*WHAT YOU HAVE TO DO*
Each entry has to be given again in its exact wording, and no picture may appear in the result.

*Data excerpts*
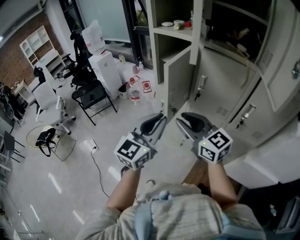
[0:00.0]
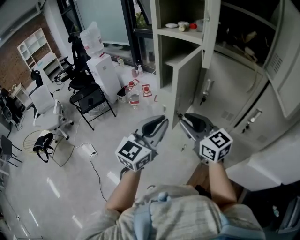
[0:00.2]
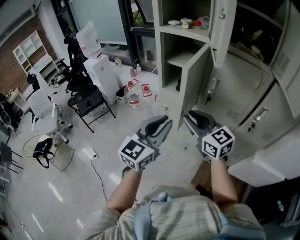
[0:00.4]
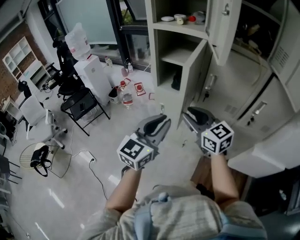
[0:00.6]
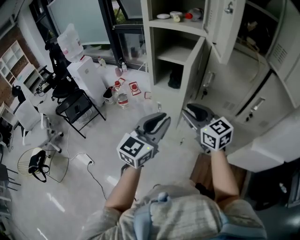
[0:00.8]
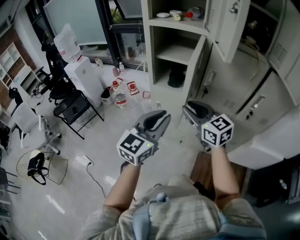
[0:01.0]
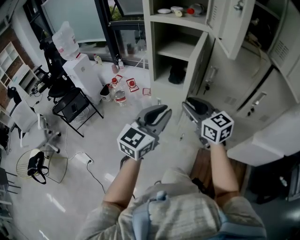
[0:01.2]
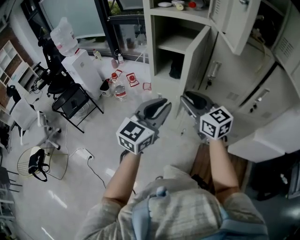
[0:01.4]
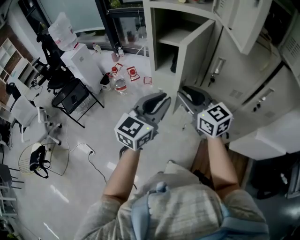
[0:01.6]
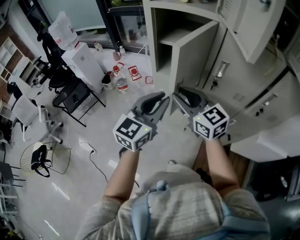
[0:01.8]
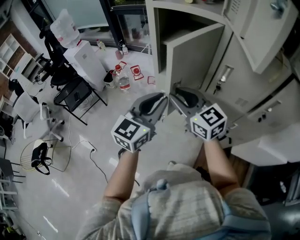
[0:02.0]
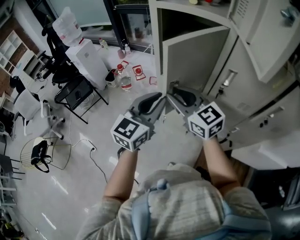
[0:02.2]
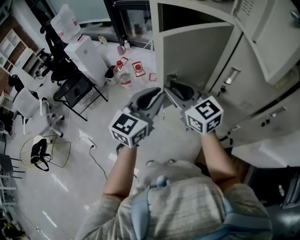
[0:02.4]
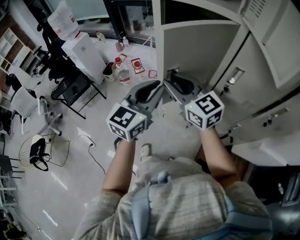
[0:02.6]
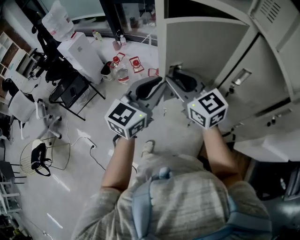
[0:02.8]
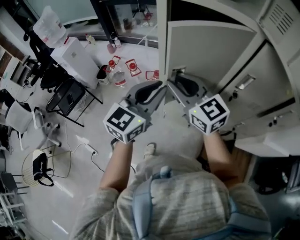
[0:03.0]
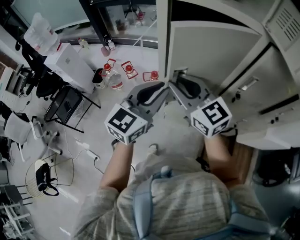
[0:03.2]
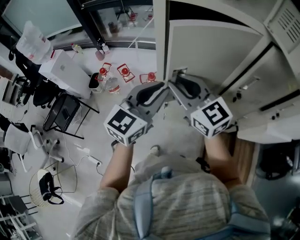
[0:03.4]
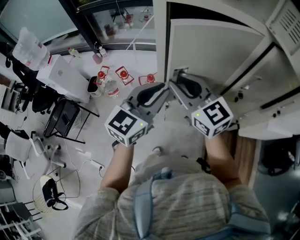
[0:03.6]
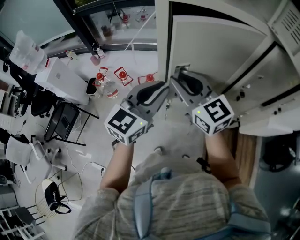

*ANSWER FOR THE TASK*
[0:00.0]
[0:00.2]
[0:00.4]
[0:00.6]
[0:00.8]
[0:01.0]
[0:01.2]
[0:01.4]
[0:01.6]
[0:01.8]
[0:02.0]
[0:02.2]
[0:02.4]
[0:02.6]
[0:02.8]
[0:03.0]
[0:03.2]
[0:03.4]
[0:03.6]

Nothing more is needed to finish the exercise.